Posted on:2015-04-01Degree:MasterType:Thesis
Country:ChinaCandidate:J ZhangFull Text:PDF
GTID:2309330482970156Subject:Accounting
Abstract/Summary:PDF Full Text Request
Business investment problems that have been practitioners and theorists care priorities. Short-term business investment companies involved in the business to implement a long-term strategic relationship to the lifeblood of business. However, theoretically, if the market is completely balanced, the company’s investment decision should depend only on its investment opportunities. However, due to the real world all the friction, the company’s investment activities in a wide range of non-efficiency of the phenomenon exists. Be relaxed for non-efficiency investment, agency costs based on the assumption of rational explanation angle brokers, information asymmetry, but accompanied by in-depth research, combined with psychology, behavioral economics management theory and research in science, rational people assume that managers irrational factors related to heterogeneous characteristics began to be considered, recent studies have begun to consider the managers confidence, manager of personal background characteristics.

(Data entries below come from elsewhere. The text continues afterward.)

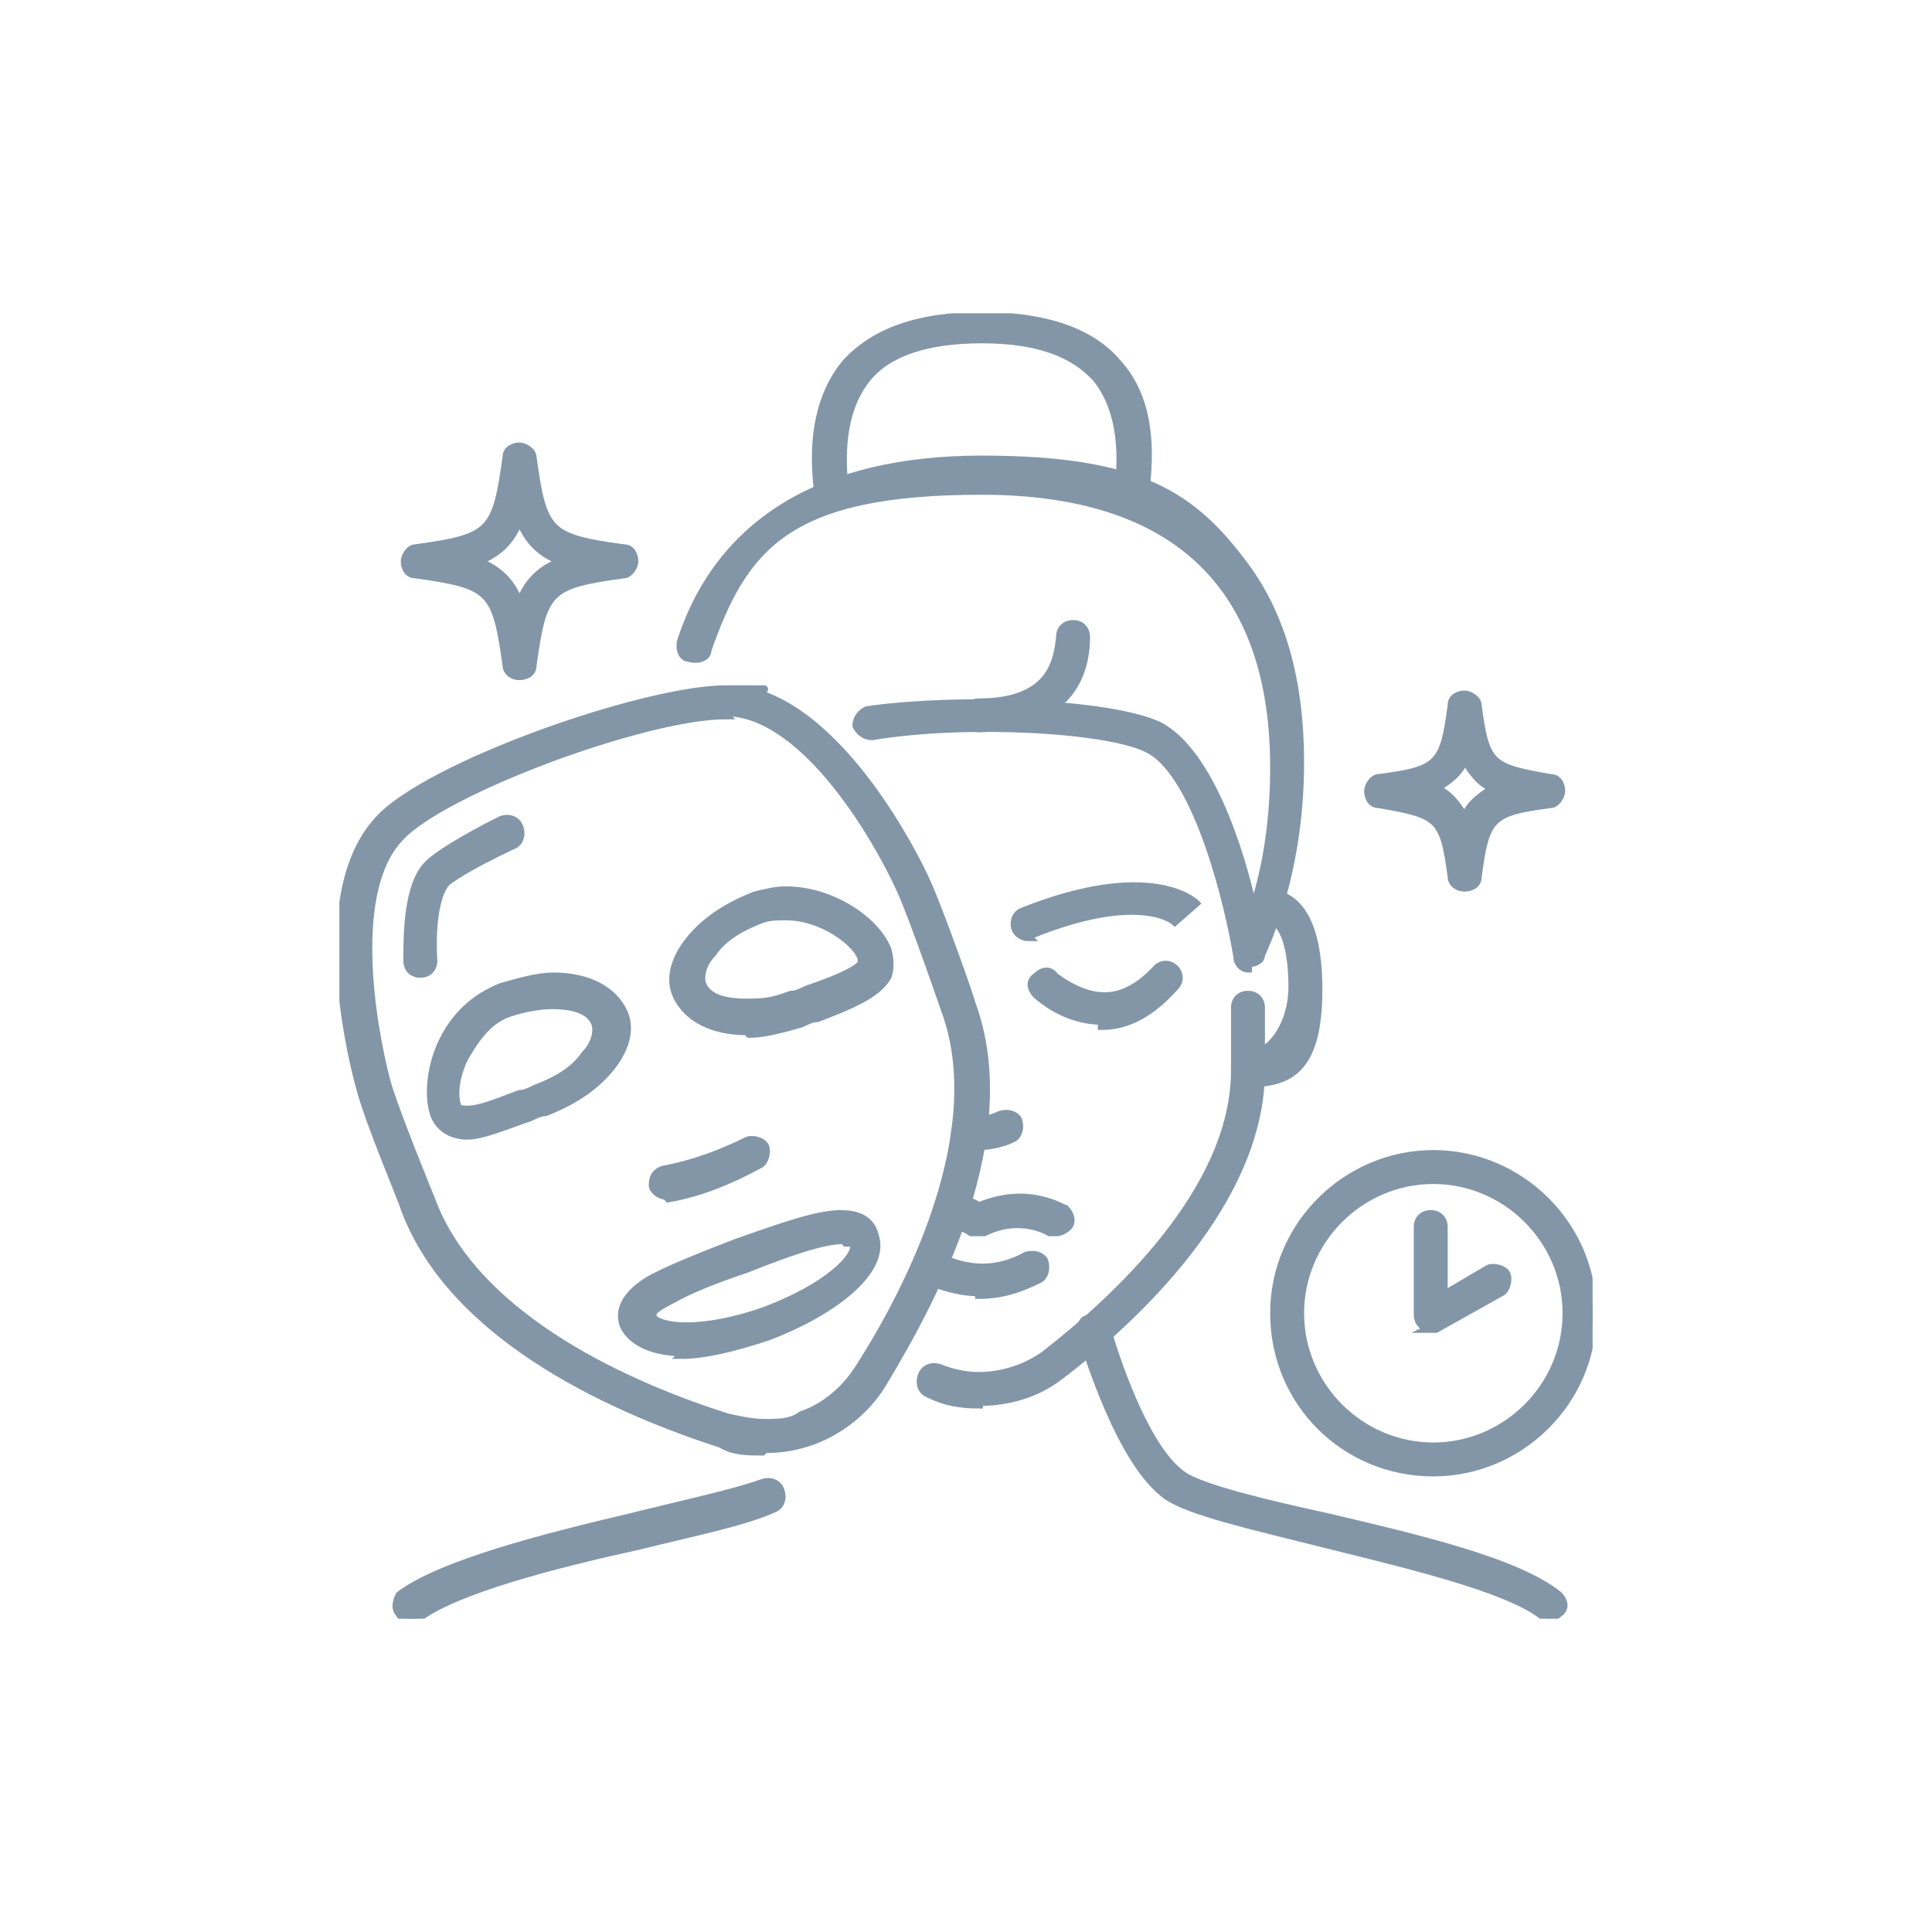<?xml version="1.0" encoding="UTF-8"?>
<svg id="_圖層_1" xmlns="http://www.w3.org/2000/svg" version="1.1" xmlns:xlink="http://www.w3.org/1999/xlink" viewBox="0 0 74 74">
  <!-- Generator: Adobe Illustrator 29.8.1, SVG Export Plug-In . SVG Version: 2.1.1 Build 2)  -->
  <defs>
    <style>
      .st0 {
        fill: none;
      }

      .st1 {
        clip-path: url(#clippath-1);
      }

      .st2 {
        fill: #b98777;
      }

      .st3 {
        display: none;
      }

      .st4 {
        fill: #8396a8;
        stroke: #8396a8;
        stroke-miterlimit: 10;
        stroke-width: .3px;
      }

      .st5 {
        clip-path: url(#clippath);
      }
    </style>
    <clipPath id="clippath">
      <rect class="st0" x="19.9" y="17.1" width="34.2" height="39.8"/>
    </clipPath>
    <clipPath id="clippath-1">
      <rect class="st0" x="13" y="12" width="48" height="50"/>
    </clipPath>
  </defs>
  <g id="icon11" class="st3">
    <circle id="Ellipse_8" class="st0" cx="37" cy="37" r="37"/>
    <g id="Group_359">
      <g class="st5">
        <g id="Group_358">
          <path id="Path_351" class="st2" d="M47,56.9c-3.9,0-7.1-3.2-7.1-7.1,0-6.3,6.4-11.6,6.6-11.9.2-.2.6-.2.9,0,.3.2,6.7,5.3,6.7,11.9s-3.2,7.1-7.1,7.1M47,39.4c-1.4,1.3-5.7,5.7-5.7,10.4s2.5,5.8,5.6,5.8,5.8-2.5,5.8-5.6v-.2c0-5-4.3-9.2-5.7-10.4"/>
          <path id="Path_352" class="st2" d="M36.1,29.3c-.2,0-.4,0-.5-.2-3.7-4.4-9.2-6.8-15-6.5-.3,0-.7-.2-.7-.5h0c0-.5.3-.8.6-.8h0c6.2-.3,11.6,2.1,16.1,7,.3.3.2.7,0,1,0,.1-.3.2-.5.2"/>
          <path id="Path_353" class="st2" d="M35.4,37.2c-1.4,0-2.8-.2-4.2-.7-.5-.2-1-.4-1.4-.6-2.4-1.2-4.3-3.3-5.1-5.8-.8-2.7-.5-5.6.8-8.1.2-.3.6-.4.9-.3.3.2.4.6.3.9-1.2,2.1-1.4,4.7-.7,7,.7,2.2,2.3,4,4.4,5,.4.2.8.4,1.2.5,6.4,2.2,13.8-2.3,16.4-4.1-3.6-1.6-4.7-4.2-5.6-6.4-1.1-2.5-2-4.7-6-6-2-.6-4.1-.4-6,.4-.3.2-.7,0-.9-.3-.2-.3,0-.7.3-.9,2.2-1,4.6-1.1,6.8-.5,4.8,1.5,5.9,4.2,7,6.8,1,2.4,2,4.7,6,6.1.4.1.5.5.4.9,0,.1,0,.2-.2.3-.3.3-7.3,5.7-14.5,5.7"/>
          <path id="Path_354" class="st2" d="M30.8,29.3c-.2,0-.4-.1-.5-.3-1.1-1.6-1.4-3.6-.7-5.4.1-.4.5-.6.9-.4.4.1.6.5.4.9-.6,1.4-.4,2.9.5,4.1.2.3.2.7-.1,1-.1,0-.3.1-.4.1"/>
          <path id="Path_355" class="st2" d="M33.8,27h-.3c-.3-.2-.4-.6-.3-.9.7-1.4,2.3-2.2,3.8-1.9.4,0,.6.4.6.8s-.4.6-.8.6c-1-.2-2,.3-2.4,1.2,0,.2-.3.3-.6.3"/>
        </g>
      </g>
    </g>
  </g>
  <g class="st1">
    <g>
      <path class="st4" d="M56.1,34c-.3,0-.5-.2-.5-.4-.3-2.3-.5-2.4-2.8-2.8-.3,0-.4-.3-.4-.5s.2-.5.4-.5c2.3-.3,2.5-.5,2.8-2.8,0-.3.3-.4.5-.4s.5.2.5.4c.3,2.3.5,2.4,2.8,2.8.3,0,.4.3.4.5s-.2.5-.4.5c-2.3.3-2.5.5-2.8,2.8,0,.3-.3.4-.5.4ZM55,30.2c.5.2.8.6,1.1,1.1.2-.5.6-.8,1.1-1.1-.5-.2-.8-.6-1.1-1.1-.2.5-.6.8-1.1,1.1Z"/>
      <path class="st4" d="M19.9,25.9c-.3,0-.5-.2-.5-.4-.4-2.9-.6-3.1-3.5-3.5-.3,0-.4-.3-.4-.5s.2-.5.4-.5c2.9-.4,3.1-.6,3.5-3.5,0-.3.3-.4.5-.4s.5.2.5.4c.4,2.9.6,3.1,3.5,3.5.3,0,.4.3.4.5s-.2.5-.4.5c-2.9.4-3.1.6-3.5,3.5,0,.3-.3.4-.5.4ZM18.3,21.5c.8.3,1.3.8,1.6,1.6.3-.8.8-1.3,1.6-1.6-.8-.3-1.3-.8-1.6-1.6-.3.8-.8,1.3-1.6,1.6Z"/>
      <path class="st4" d="M59.4,62c-.1,0-.2,0-.3-.1-1.4-1.1-5.3-2-8.5-2.8-2.8-.7-5-1.2-5.9-1.8-1.8-1.3-3-5.4-3.3-6.2,0-.3,0-.6.4-.6.3,0,.6,0,.6.4.5,1.7,1.6,4.7,2.9,5.6.7.5,3.2,1.1,5.5,1.6,3.4.8,7.3,1.7,8.9,3,.2.2.3.5,0,.7-.1.1-.3.2-.4.2h0Z"/>
      <path class="st4" d="M15.7,62c-.2,0-.3,0-.4-.2-.2-.2-.1-.5,0-.7,1.6-1.2,5.5-2.2,8.9-3,2-.5,3.9-.9,5-1.3.3-.1.6,0,.7.3.1.3,0,.6-.3.7-1.1.5-3.1.9-5.1,1.4-3.2.7-7.1,1.7-8.5,2.8,0,0-.2.1-.3.1Z"/>
      <path class="st4" d="M42.2,39.1c-.8,0-1.7-.3-2.5-1-.2-.2-.3-.5,0-.7.2-.2.5-.3.7,0,1.5,1.1,2.7,1,3.9-.3.2-.2.5-.2.7,0,.2.2.2.5,0,.7-.9,1-1.8,1.5-2.8,1.5h0Z"/>
      <path class="st4" d="M37.5,49.5c-.7,0-1.4-.2-2.1-.5-.3-.1-.4-.4-.2-.7.1-.3.4-.4.7-.2,1.2.6,2.3.6,3.4,0,.3-.1.6,0,.7.2.1.3,0,.6-.2.7-.8.4-1.5.6-2.3.6h0Z"/>
      <path class="st4" d="M37.5,43.9c-.2,0-.3,0-.5,0-.3,0-.5-.3-.4-.6,0-.3.3-.5.6-.4.4,0,.7,0,1.1-.2.3-.1.6,0,.7.2.1.3,0,.6-.2.7-.4.2-.9.3-1.3.3h0Z"/>
      <path class="st4" d="M37.5,53.8c-.7,0-1.3-.1-1.9-.4-.3-.1-.4-.4-.3-.7.1-.3.4-.4.7-.3.5.2,1,.3,1.5.3.9,0,1.8-.3,2.5-.8,2.7-2.1,7.3-6.3,7.3-10.9v-2.4c0-.3.2-.5.5-.5s.5.2.5.5v2.4c0,5-4.8,9.5-7.7,11.7-.9.7-2,1-3.1,1h0Z"/>
      <path class="st4" d="M47.8,37.1s0,0,0,0c-.2,0-.4-.2-.4-.4-.3-1.9-1.5-7-3.4-8-1.5-.8-7-1.1-10.6-.5-.3,0-.5-.2-.6-.4,0-.3.2-.5.4-.6,3.5-.5,9.3-.3,11.2.6,1.9,1,3.1,4.7,3.6,7,.4-1.2.8-3,.8-5.4,0-7-3.8-10.6-11.2-10.6s-9.1,2.1-10.5,6.1c0,.3-.4.4-.7.3-.3,0-.4-.4-.3-.7,1.5-4.5,5.4-6.9,11.5-6.9s8.1,1.4,10.1,4.1c1.4,1.9,2.1,4.4,2.1,7.5,0,4.5-1.5,7.3-1.5,7.4,0,.2-.3.3-.5.3Z"/>
      <path class="st4" d="M47.8,41.4c-.3,0-.5-.2-.5-.5s.2-.5.5-.5c.9,0,1.7-1.2,1.7-2.6s-.3-2.6-1-2.6-.5-.2-.5-.5.2-.5.5-.5c.8,0,2,.5,2,3.7s-1.2,3.6-2.8,3.6h0Z"/>
      <path class="st4" d="M43.8,19.3l-1-.2c.3-2.1,0-3.6-.8-4.6-.9-1-2.3-1.5-4.4-1.5s-3.6.5-4.4,1.5c-.8,1-1.1,2.5-.8,4.6l-1,.2c-.4-2.4,0-4.2,1-5.4,1.1-1.2,2.8-1.8,5.2-1.8s4.2.6,5.2,1.8c1.1,1.2,1.4,3,1,5.4Z"/>
      <path class="st4" d="M39.4,35.9c-.2,0-.4-.1-.5-.3-.1-.3,0-.6.3-.7,4.8-1.9,6.5-.4,6.6-.3l-.8.7h0s-1.3-1.2-5.5.5c0,0-.1,0-.2,0h0Z"/>
      <path class="st4" d="M40.5,47.2c-.1,0-.2,0-.3,0,0,0-1.1-.7-2.5,0-.1,0-.3,0-.5,0-.3-.2-.6-.3-.9-.3-.3,0-.5-.3-.4-.6,0-.3.3-.5.6-.4.3,0,.7.1,1,.3,1.9-.8,3.2.1,3.3.1.2.2.3.5.1.7-.1.1-.3.2-.4.2Z"/>
      <path class="st4" d="M37.5,27.9c-.3,0-.5-.2-.5-.5,0-.3.2-.5.5-.5,2.7,0,3-1.5,3.1-2.5,0-.3.2-.5.5-.5.3,0,.5.2.5.5,0,1.6-.8,3.4-4.1,3.5h0Z"/>
      <path class="st4" d="M29.2,55.6c-.6,0-1.1,0-1.6-.3-3.7-1.2-10.2-3.9-12.1-9,0-.1-1.4-3.4-1.7-4.6-.2-.7-2-7.4.7-10.3,1.9-2.1,10.2-5,13.3-5s.4,0,.5,0c3.9.5,6.9,6.7,7.2,7.4.5,1.1,1.7,4.5,1.7,4.6,1.9,5.1-1.4,11.3-3.4,14.6-.6,1-1.6,1.8-2.7,2.2-.6.2-1.1.3-1.7.3h-.1ZM27.8,27.4c-3.1,0-10.9,2.9-12.5,4.7-1.9,2-1.1,7-.5,9.3.3,1.1,1.7,4.5,1.7,4.5,1.7,4.7,7.9,7.3,11.4,8.4.5.1.9.2,1.4.2.5,0,1,0,1.4-.3.9-.3,1.7-1,2.2-1.8,2-3.1,5-9.1,3.3-13.7,0,0-1.2-3.5-1.7-4.6-1-2.2-3.6-6.5-6.4-6.8-.1,0-.2,0-.4,0h0Z"/>
      <path class="st4" d="M16.1,37.3c-.3,0-.5-.2-.5-.5,0-1,0-2.9.8-3.7.3-.3,1.2-.9,2.8-1.7.3-.1.6,0,.7.3.1.3,0,.6-.3.7-1.7.8-2.4,1.3-2.5,1.4-.3.3-.6,1.3-.5,3,0,.3-.2.5-.5.5,0,0,0,0,0,0h0Z"/>
      <path class="st4" d="M17.9,43.5c-.8,0-1.2-.5-1.3-.9-.2-.7-.1-1.7.3-2.6.5-1.1,1.3-1.8,2.3-2.2.7-.2,1.4-.4,2-.4,1.3,0,2.3.5,2.7,1.4.3.7,0,1.5-.6,2.2-.6.7-1.4,1.2-2.4,1.6-.2,0-.4.1-.6.2-.9.3-1.8.7-2.4.7h0ZM21.2,38.5c-.5,0-1.1.1-1.7.3-.9.3-1.4,1.2-1.7,1.7-.4.8-.4,1.5-.3,1.8,0,.1,0,.2.4.2.5,0,1.2-.3,2-.6.2,0,.4-.1.6-.2.8-.3,1.5-.7,1.9-1.3.4-.4.5-.9.4-1.2-.2-.5-.8-.7-1.7-.7h0Z"/>
      <path class="st4" d="M28.6,39.5c-1.3,0-2.3-.5-2.7-1.4-.3-.7,0-1.5.6-2.2.6-.7,1.4-1.2,2.4-1.6.4-.1.8-.2,1.2-.2,1.8,0,3.5,1.2,3.9,2.3.1.4.1.7,0,1-.4.7-1.4,1.1-2.7,1.6-.2,0-.4.1-.6.2-.7.2-1.4.4-2,.4h0ZM30.1,35.1c-.3,0-.6,0-.9.1-.8.3-1.5.7-1.9,1.3-.4.4-.5.9-.4,1.2.2.5.8.7,1.7.7s1.1-.1,1.7-.3c.2,0,.4-.1.6-.2.9-.3,1.9-.7,2.1-1,0,0,0,0,0-.2-.2-.6-1.5-1.6-2.9-1.6h0Z"/>
      <path class="st4" d="M26.2,51.8c-1.2,0-2-.4-2.3-1-.4-1,.8-1.7,1.2-1.9.8-.4,1.8-.8,3.1-1.3h0c1.7-.6,3.1-1.1,4-1.1s1.2.4,1.3.8c.5,1.4-1.7,3-4.1,3.9-1.2.4-2.4.7-3.3.7h0ZM32.3,47.5c-.8,0-2.2.5-3.7,1.1h0c-1.2.4-2.2.8-2.9,1.2-.6.3-.8.5-.7.6,0,.2.5.4,1.3.4s1.9-.2,3-.6c2.4-.9,3.6-2.1,3.4-2.6,0,0-.3,0-.3,0h0Z"/>
      <path class="st4" d="M25.5,45.8c-.2,0-.5-.2-.5-.4,0-.3.1-.5.4-.6,1.1-.2,2.2-.6,3.2-1.1.2-.1.6,0,.7.2.1.2,0,.6-.2.7-1.1.6-2.3,1.1-3.5,1.3,0,0,0,0,0,0h0Z"/>
      <path class="st4" d="M54.9,56.4c-3.4,0-6.1-2.7-6.1-6.1s2.8-6.1,6.1-6.1,6.1,2.7,6.1,6.1-2.8,6.1-6.1,6.1ZM54.9,45.2c-2.8,0-5.1,2.3-5.1,5.1s2.3,5.1,5.1,5.1,5.1-2.3,5.1-5.1-2.3-5.1-5.1-5.1Z"/>
      <path class="st4" d="M54.9,50.8c0,0-.2,0-.3,0-.2,0-.3-.3-.3-.4v-3.4c0-.3.2-.5.5-.5s.5.2.5.5v2.6l1.7-1c.2-.1.6,0,.7.2.1.2,0,.6-.2.7l-2.5,1.4c0,0-.2,0-.3,0h0Z"/>
    </g>
  </g>
</svg>

Although these studies are different, but not contradictory in itself, just as the elephant touched by blinds, is investment-driven mechanism to explore different perspectives on the entire non-efficiency, and there are many related internal conduction mechanism, so accompanied on deepening of non-efficiency research, under the assumption of rational and irrational assumptions motivation constantly blend, scholars began to consider whether there are non-efficiency under the assumption of rational motivation defense system able to withstand the impact of irrational motives. Based on enterprise performance point of view, senior equity holders angle, measured in terms of corporate risk managers overconfidence bias, based on the perspective of internal governance mechanisms directly and indirectly control the external environment to examine the quality of corporate governance, managerial overconfidence bias found inefficient investment enterprise with enhancements for enterprise also has enhanced the effect of over-investment, but the lack of business investment has no effect; corporate governance for companies with inefficient investment inhibitory effect on excessive investment for businesses also have inhibitory effects; whether internal governance oversight or external governance mechanisms are unable to eliminate managerial overconfidence bias for business investment impact.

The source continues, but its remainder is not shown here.